We have already lived through the Gobitis-Barnette cycle once in this pandemic. At first, this Court permitted States to shutter houses of worship while allowing casinos, movie theaters, and other favored businesses to remain open. Falling prey once more to the "judicial impulse to stay out of the way in times of crisis," the Court allowed States to do all this even when religious institutions agreed to follow the same occupancy limits and protective measures considered safe enough for comparable gatherings in secular spaces. Roman Catholic Diocese, 592 U. S., at ___, 141 S.Ct., at ___ (GORSUCH, J., concurring) (slip op., at 5). But as days gave way to weeks and weeks to months, this Court came to recognize that the Constitution is not to be put away in challenging times, and we stopped tolerating discrimination against religious exercises. Tandon, 593 U. S., at ___, 141 S.Ct., at 1296. Finally, churches and synagogues and mosques reopened on equal footing with secular institutions.

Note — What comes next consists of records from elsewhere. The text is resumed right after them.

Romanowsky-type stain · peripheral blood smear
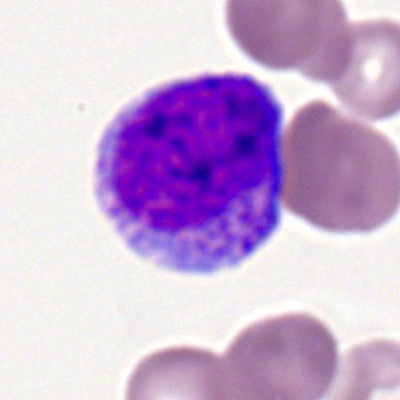 Specimen: peripheral blood film.
Morphological class: myeloblast.
Lineage: myeloid.
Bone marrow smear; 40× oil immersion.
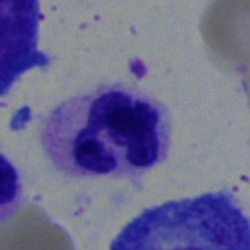 A polymorphonuclear neutrophil.
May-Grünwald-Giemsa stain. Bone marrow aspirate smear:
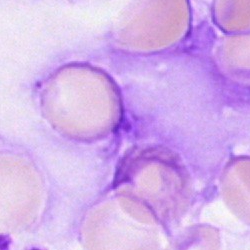 Morphological class: artefact.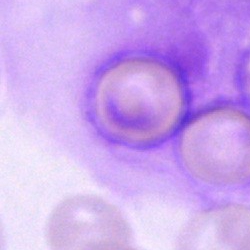Single cell identified as an artifact.
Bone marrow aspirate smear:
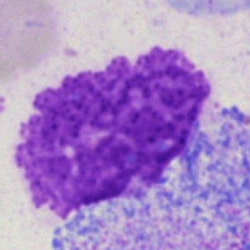
Single cell identified as an artefact.
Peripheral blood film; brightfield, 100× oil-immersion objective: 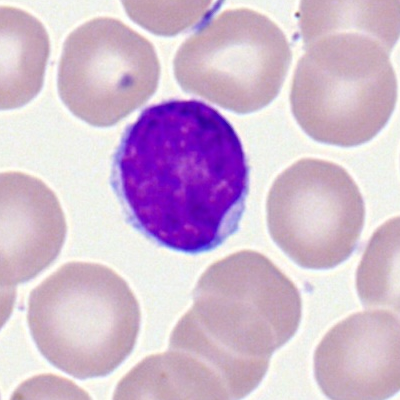 Q: Identify the cell.
A: It is a typical lymphocyte.
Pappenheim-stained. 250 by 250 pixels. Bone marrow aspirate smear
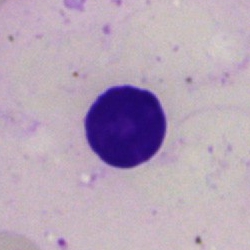

Morphology consistent with an artifact.
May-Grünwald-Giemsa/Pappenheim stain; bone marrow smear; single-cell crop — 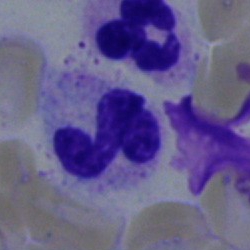
Q: What type of cell is this?
A: It is a segmented neutrophil.
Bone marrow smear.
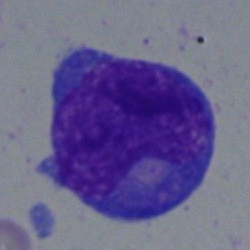 Morphology consistent with a blast.
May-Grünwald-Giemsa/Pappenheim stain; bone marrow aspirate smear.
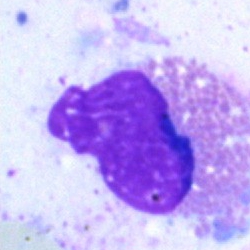
Cell — artefact.
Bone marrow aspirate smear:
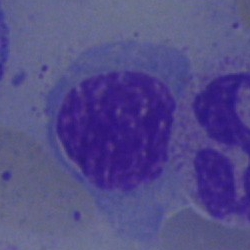
A myelocyte.
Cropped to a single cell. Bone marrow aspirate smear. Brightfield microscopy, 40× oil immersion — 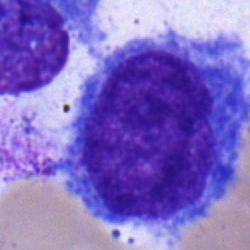 Morphology — blast cell.
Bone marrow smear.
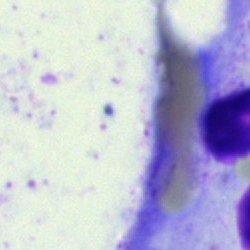 Specimen: bone marrow smear.
Classification: artefact.
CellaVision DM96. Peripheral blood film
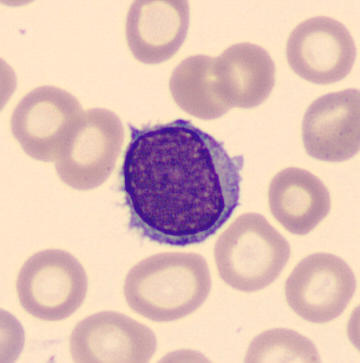Cell type = typical lymphocyte.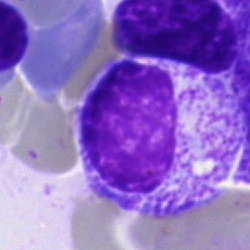 Cell type: myelocyte.
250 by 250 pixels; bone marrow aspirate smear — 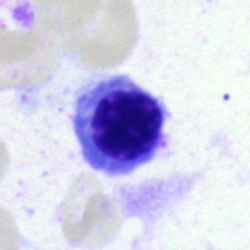
Showing a nucleated red cell.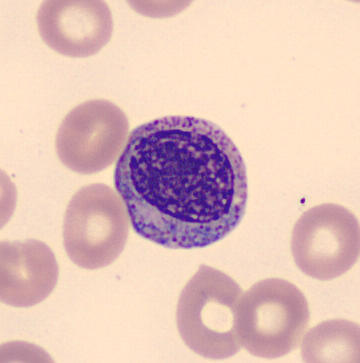

Specimen: peripheral blood film.
Morphological class: myelocyte.
Lineage: myeloid. Image size 360×363.
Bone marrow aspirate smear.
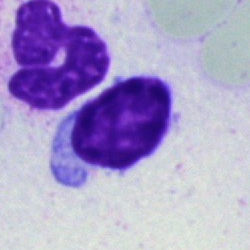Showing a lymphocyte.
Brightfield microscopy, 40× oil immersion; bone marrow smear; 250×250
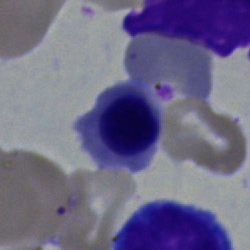

Showing a nucleated red cell.
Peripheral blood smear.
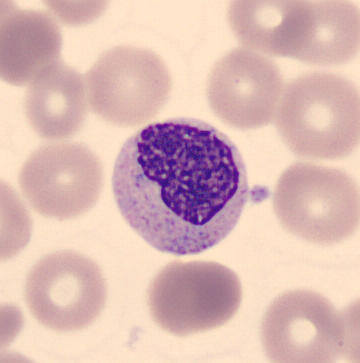 Identified as a myelocyte.
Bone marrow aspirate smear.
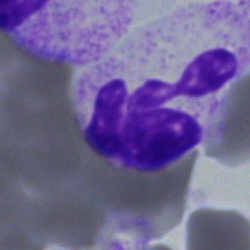 Neutrophil (segmented).

Still, it seems the old lessons are hard ones. Six weeks ago, this Court refused relief in a case involving Maine's healthcare workers. Mills, 595 U. S. ___, 142 S.Ct. at ___. Today, the Court repeats the mistake by turning away New York's doctors and nurses. We do all this even though the State's executive decree clearly interferes with the free exercise of religion —and does so seemingly based on nothing more than fear and anger at those who harbor unpopular religious beliefs. We allow the State to insist on the dismissal of thousands of medical workers—the very same individuals New York has depended on and praised for their service on the pandemic's front lines over the last 21 months. To add insult to injury, we allow the State to deny these individuals unemployment benefits too. One can only hope today's ruling will not be the final chapter in this grim story. Cases like this one may serve as cautionary tales for those who follow. But how many more reminders do we need that "the Constitution is not to be obeyed or disobeyed as the circumstances of a particular crisis ... may suggest"? Downes v. Bidwell, 182 U.S. 244, 384, 21 S.Ct. 770, 45 L.Ed. 1088 (1901) (Harlan, J., dissenting).